It was cool. It took longer than I anticipated (oops), but was a strikingly parallel experience to the process of receiving feedback on a paper earlier in the afternoon. My pace was slow, measured; my mood contemplative. I wove through its curves, following the path. I wasn’t conscious of time passing – or I thought I wasn’t – until the moment I thought I’d arrived at the center and realized there was another circuit to complete. A visceral feeling of shock rippled through me. Ah, I’ve already felt this today! In retrospect, the event and interaction around it were unfortunate, but possibly (?) not avoidable? Different sets of expectations and priorities. Two strong personalities. Crash.

But the morning was incredible. I had a massage (first one in three years or so) and the masseuse said it was a pleasure to work on me because my body was so responsive. She could see the muscles sussurate while she worked some of the pressure points. I was struck by the fact that even though I was tired and nearly fell asleep, my jaw remained clenched throughout. I couldn’t keep it relaxed. What? Me worry? It has to go somewhere, so they say.

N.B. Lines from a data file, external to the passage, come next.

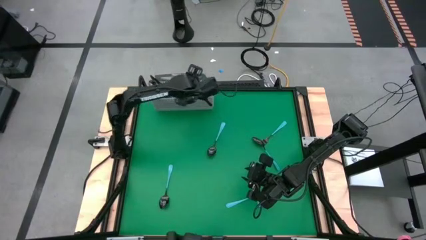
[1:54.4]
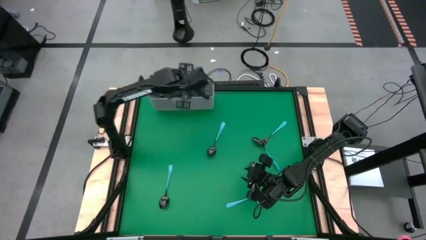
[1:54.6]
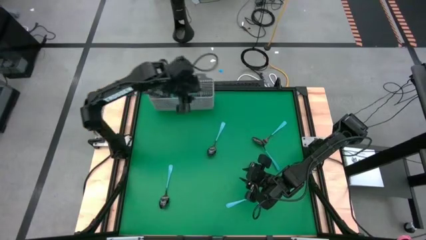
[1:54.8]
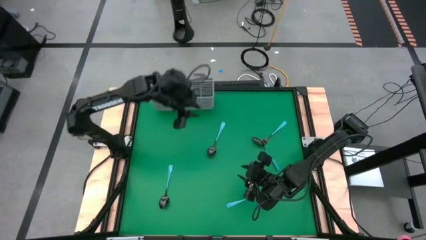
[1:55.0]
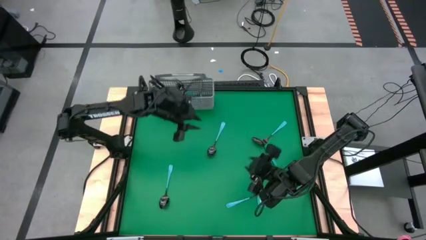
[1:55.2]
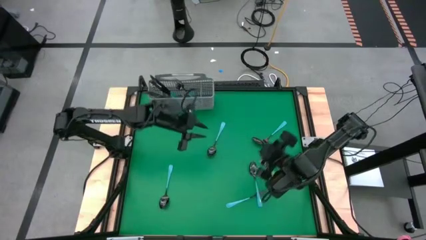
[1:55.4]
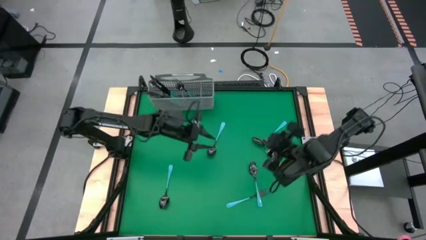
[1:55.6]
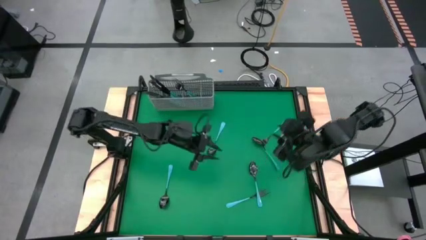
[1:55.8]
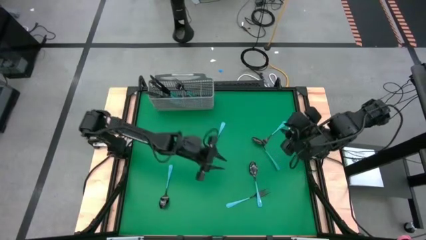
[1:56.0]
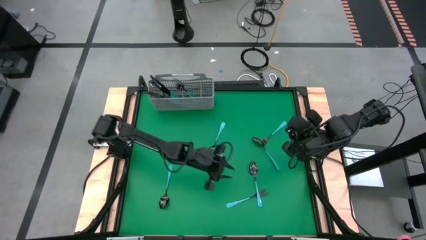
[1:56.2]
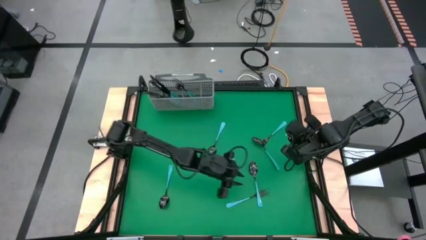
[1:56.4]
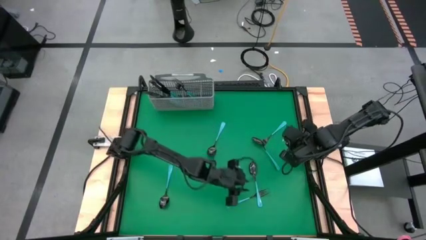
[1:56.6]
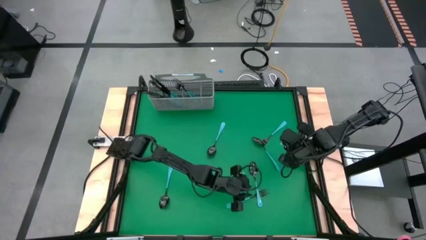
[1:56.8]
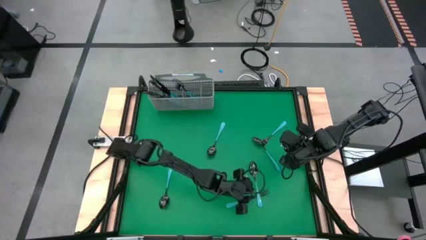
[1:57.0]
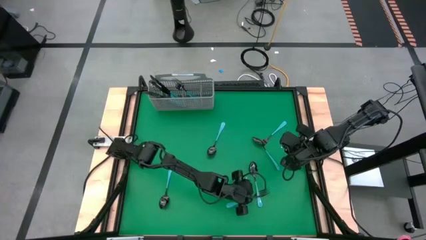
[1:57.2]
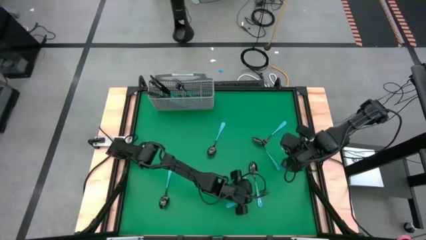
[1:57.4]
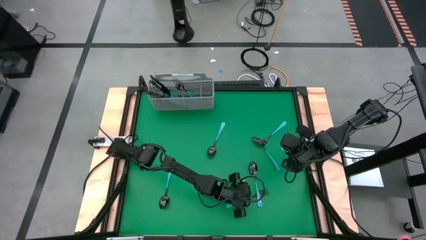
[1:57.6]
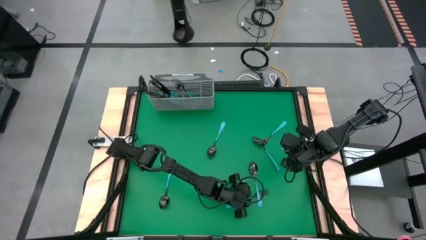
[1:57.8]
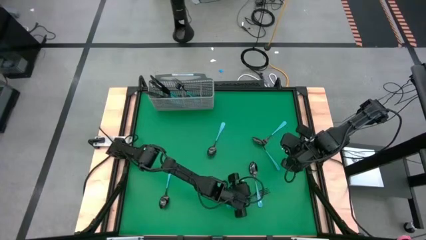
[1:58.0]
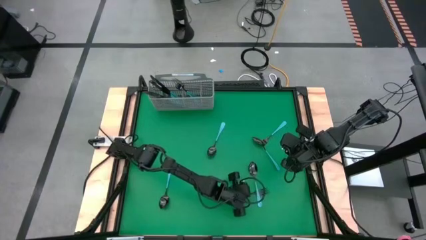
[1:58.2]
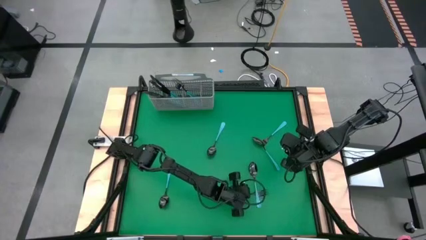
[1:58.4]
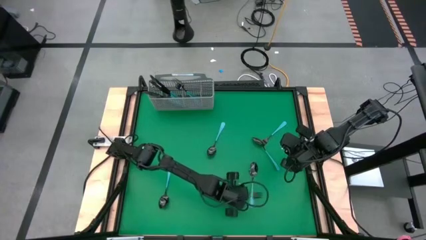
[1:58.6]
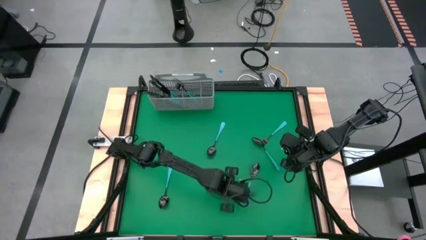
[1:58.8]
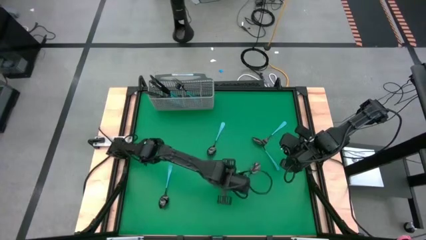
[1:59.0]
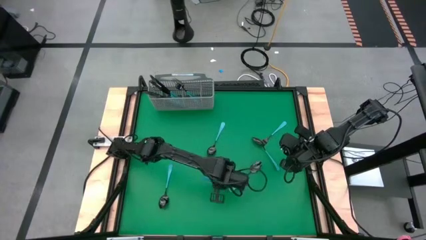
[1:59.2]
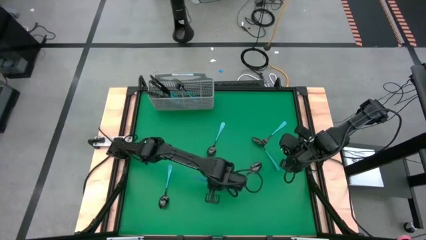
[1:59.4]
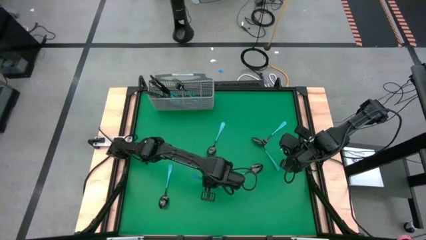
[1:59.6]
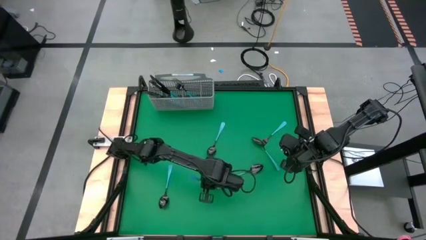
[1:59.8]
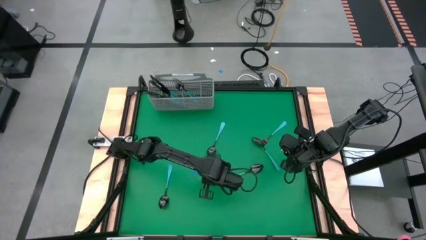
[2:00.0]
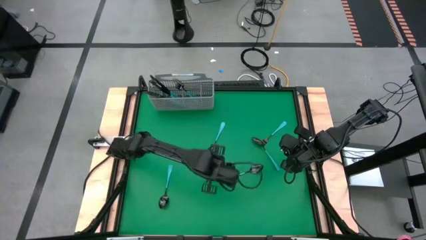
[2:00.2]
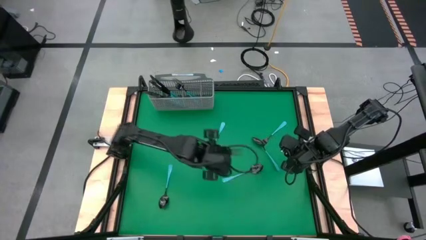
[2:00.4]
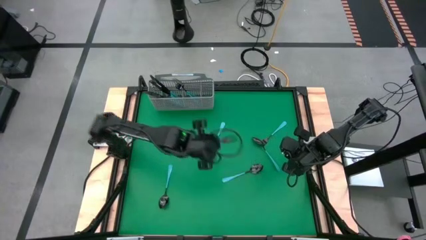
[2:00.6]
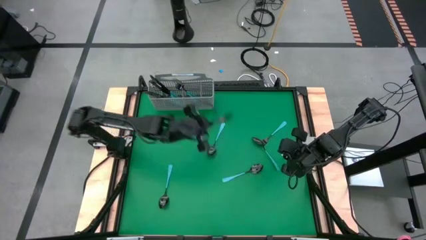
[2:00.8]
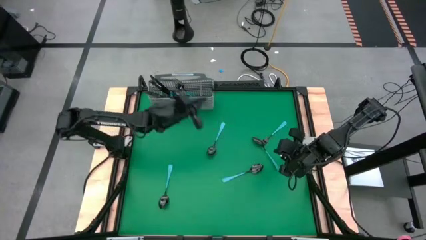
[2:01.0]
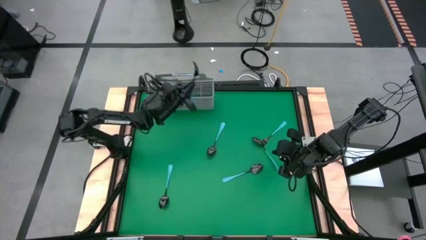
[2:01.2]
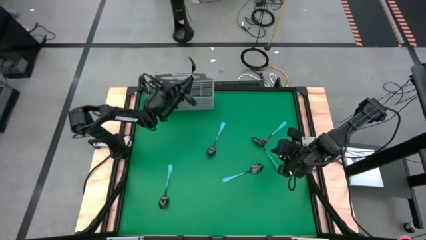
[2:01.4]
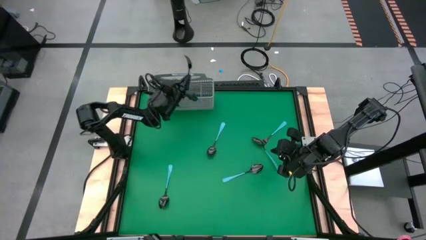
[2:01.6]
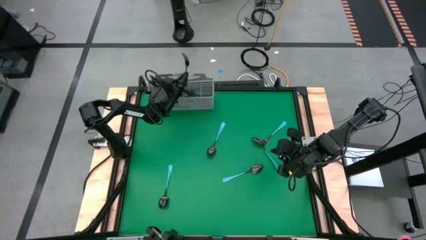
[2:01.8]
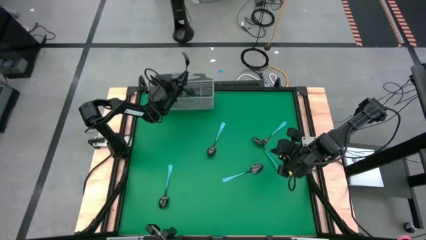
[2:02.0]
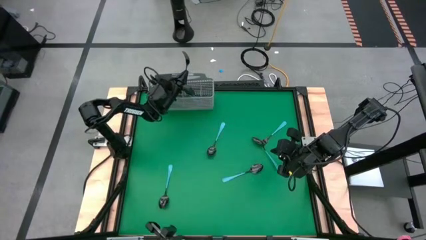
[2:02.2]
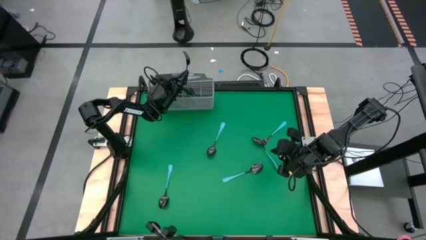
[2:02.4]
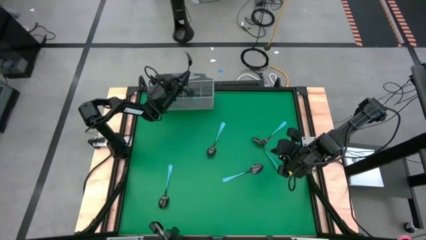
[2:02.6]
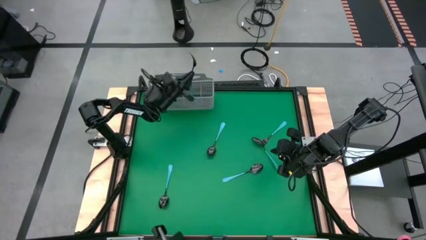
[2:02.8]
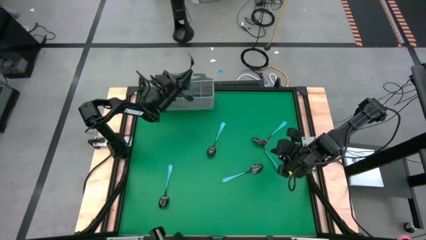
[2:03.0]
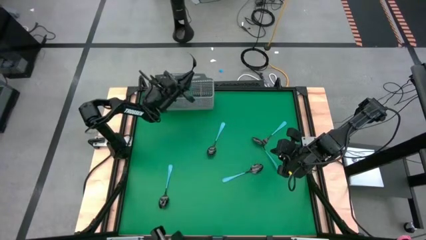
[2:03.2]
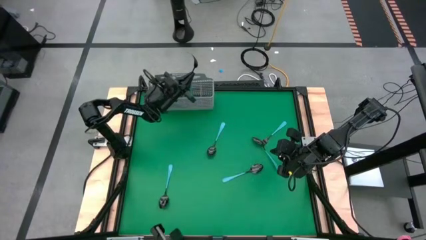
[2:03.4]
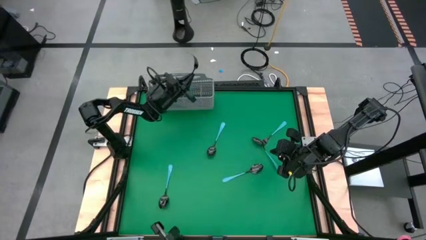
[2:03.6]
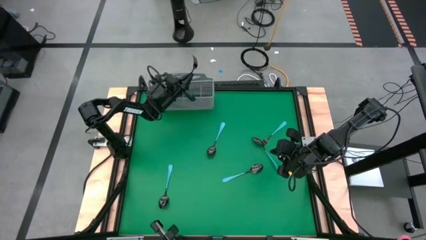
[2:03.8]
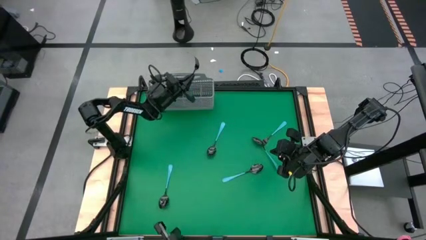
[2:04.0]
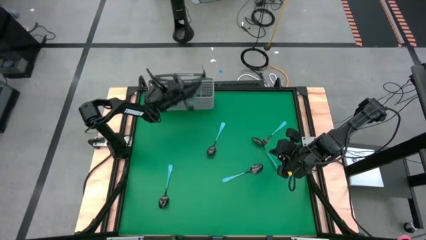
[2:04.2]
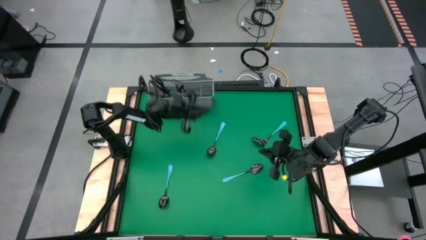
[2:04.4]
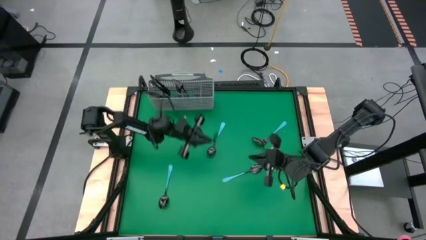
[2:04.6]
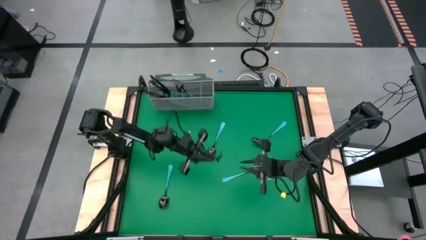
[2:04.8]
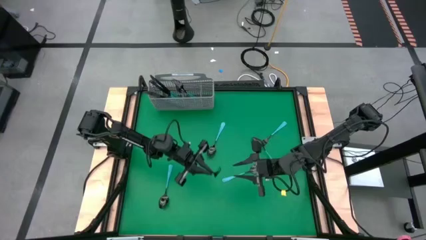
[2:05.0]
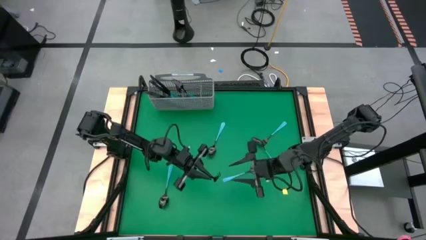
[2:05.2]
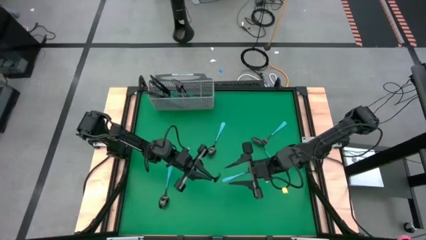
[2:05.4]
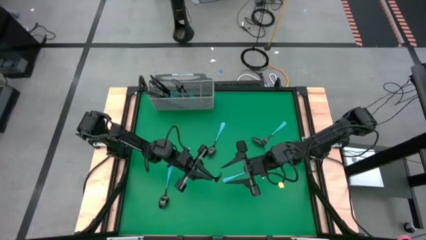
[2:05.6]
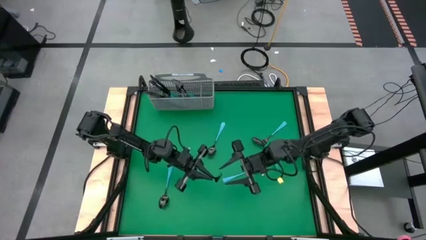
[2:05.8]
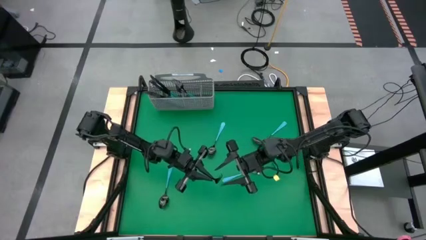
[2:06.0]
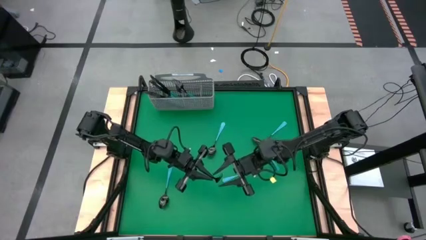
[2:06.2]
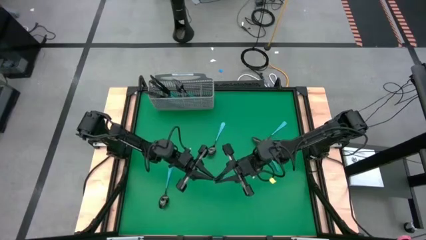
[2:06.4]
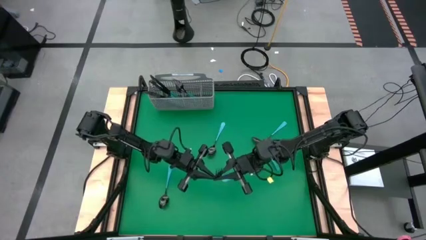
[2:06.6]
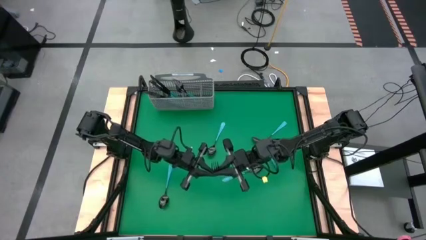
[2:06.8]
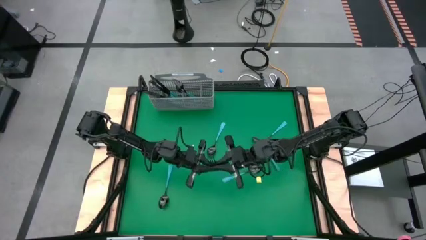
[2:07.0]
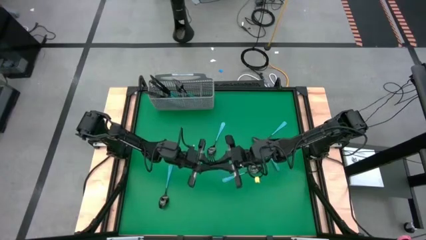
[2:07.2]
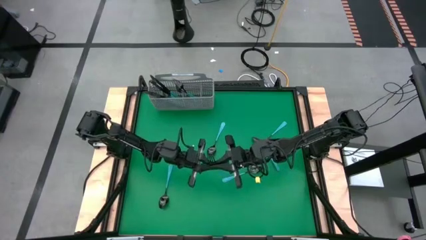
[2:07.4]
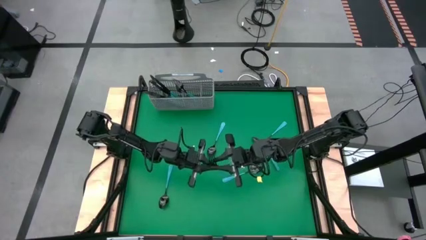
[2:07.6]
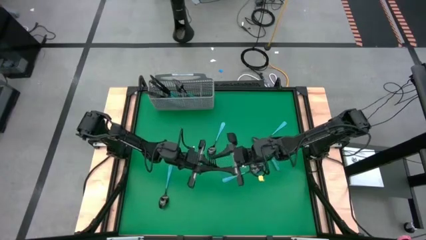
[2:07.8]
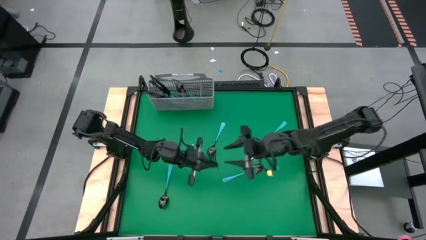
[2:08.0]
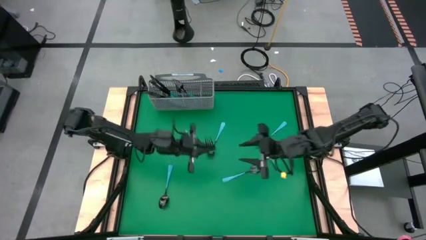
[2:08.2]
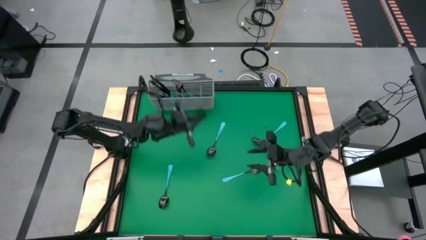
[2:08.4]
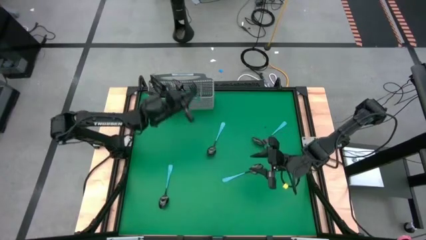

At the end of the appointment I asked if she happened to know a tattoist. She hesitated, thinking. Yeah, she said, this guy Gabe. He just opened a shop in Easthampton. As she was digging out his phone number she added, “His body is covered with birds. He has a pair of lovebirds on the back of his neck.” He’s the one, I thought (actually felt) to myself (recognition?) The masseuse hadn’t remembered the name of his shop and didn’t have his work number so when I reached him on his cell phone he suggested I get directions by checking out his website. It doesn’t get more perfect than this!

Tejal's birthday!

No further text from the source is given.